The Industry Narrative: Opportunities, Events, and the "Business Translator" Role

• AI Implementation Challenges (MIT Critique): Many organizations fail to achieve measurable impact from AI due to:

  • Data challenges: integration issues, silos, quality.

  • Legacy IT systems.

  • Security, compliance, and legal barriers.

  • "Black box" problem: difficulty in explaining complex AI decisions.

• Business Translator: Essential role bridging business problems with data science teams to ensure AI solutions are value-driven, feasible, and successfully integrated.

The Business Translator: Role, Responsibilities, and Skill Set

• Purpose: To translate business needs into solvable data science problems and oversee the AI project lifecycle.

• Core Responsibilities:

  • Define clear business objectives and scope.

  • Communicate effectively between business stakeholders and data scientists/engineers.

  • Assess data requirements, constraints, and feasibility.

  • Manage change, adoption, end-user training, and documentation.

  • Drive project management aspects (workshops, sprints, backlogs).

  • Maintain data literacy across the organization.

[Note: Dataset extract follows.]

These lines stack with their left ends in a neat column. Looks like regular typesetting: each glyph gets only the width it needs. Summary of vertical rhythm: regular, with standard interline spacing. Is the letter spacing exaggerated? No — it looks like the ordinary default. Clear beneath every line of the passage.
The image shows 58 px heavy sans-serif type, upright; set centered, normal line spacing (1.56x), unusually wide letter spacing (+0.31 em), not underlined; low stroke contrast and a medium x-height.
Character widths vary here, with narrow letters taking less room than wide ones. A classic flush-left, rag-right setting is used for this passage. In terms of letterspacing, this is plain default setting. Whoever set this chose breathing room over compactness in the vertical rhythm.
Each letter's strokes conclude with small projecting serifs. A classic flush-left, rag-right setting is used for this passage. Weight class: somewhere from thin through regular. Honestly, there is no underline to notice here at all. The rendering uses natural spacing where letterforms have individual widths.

• Required Skills: A blend of mathematical acumen (statistics, probability, linear algebra), computational knowledge (programming, data systems), and strong business acumen.

• Common Challenges: Lack of deployment teams, cultural resistance, data engineering hurdles, scope creep, underestimation of costs.

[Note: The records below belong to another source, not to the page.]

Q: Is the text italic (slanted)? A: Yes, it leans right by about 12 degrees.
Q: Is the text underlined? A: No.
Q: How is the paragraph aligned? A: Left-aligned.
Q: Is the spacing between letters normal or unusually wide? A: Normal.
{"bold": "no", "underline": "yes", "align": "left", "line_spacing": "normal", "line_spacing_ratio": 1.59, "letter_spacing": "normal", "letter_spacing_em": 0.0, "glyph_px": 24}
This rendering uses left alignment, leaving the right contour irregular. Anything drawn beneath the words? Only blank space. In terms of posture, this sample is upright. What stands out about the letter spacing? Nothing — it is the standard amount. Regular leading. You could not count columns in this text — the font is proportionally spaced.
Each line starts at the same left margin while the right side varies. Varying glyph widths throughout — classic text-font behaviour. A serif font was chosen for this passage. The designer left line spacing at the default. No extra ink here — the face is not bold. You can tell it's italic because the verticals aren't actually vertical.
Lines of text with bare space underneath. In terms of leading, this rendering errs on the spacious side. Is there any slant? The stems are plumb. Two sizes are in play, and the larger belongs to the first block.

• Practical Outputs: Clear problem statements, data requirements (dictionary, schema), cost-benefit analyses, defined success metrics, and tight scope of work.

Real-world Case Studies and Examples

• Vita Sciences (Clinical Trial Data Standardization): Focused on automating data standardization for regulatory submission, addressing data inconsistencies and errors (an ETL and data engineering challenge).

• Railcar Parts Inventory Optimization: Aims to reduce inventory costs and optimize maintenance for leased railcars. Involves modeling parts catalogs, costs, repair history, traffic patterns using data like Bill of Materials (BOM).

• Dollar General On-shelf Availability: Tackles lost sales due to items not being on shelves. Involves predicting inventory, comparing shelf availability with sales, and building probabilistic estimates to trigger restocking alarms.

From Problem Framing to Solution: The ML Workflow and Data Considerations

• Core Workflow Steps:

  1. Define objective.

  2. Assess situation (data availability, constraints).

  3. Plan and scope (deliverables, success criteria, tight scope).

  4. Document data (dictionary, schema).

  5. Conduct feasibility and cost-benefit analysis.

  6. Develop and test models.

  7. Plan deployment and adoption.

  8. Manage organizational change and data literacy.

• Key Practical Considerations:

  • Data Quality and Availability: Often more critical for project feasibility than algorithmic complexity.

  • Model Interpretability: Simpler models (like linear regression) are valuable for explainability in regulated industries.

  • Compute Costs: A significant and often underestimated budget component.

  • Business Alignment: Crucial for successful deployment and integration.

Feasibility, Scope, and Success Criteria in AI Projects

• Feasibility: Addresses data access and quality, integration with legacy systems, compute resources and budget, and regulatory compliance.

• Tight Scope of Work: Essential to prevent scope creep, maintain realistic timelines/budgets, and clearly define measurable success.

• Success Metrics: Go beyond simple ROI to include productivity gains, enterprise adoption, end-user improvements, and robust governance models.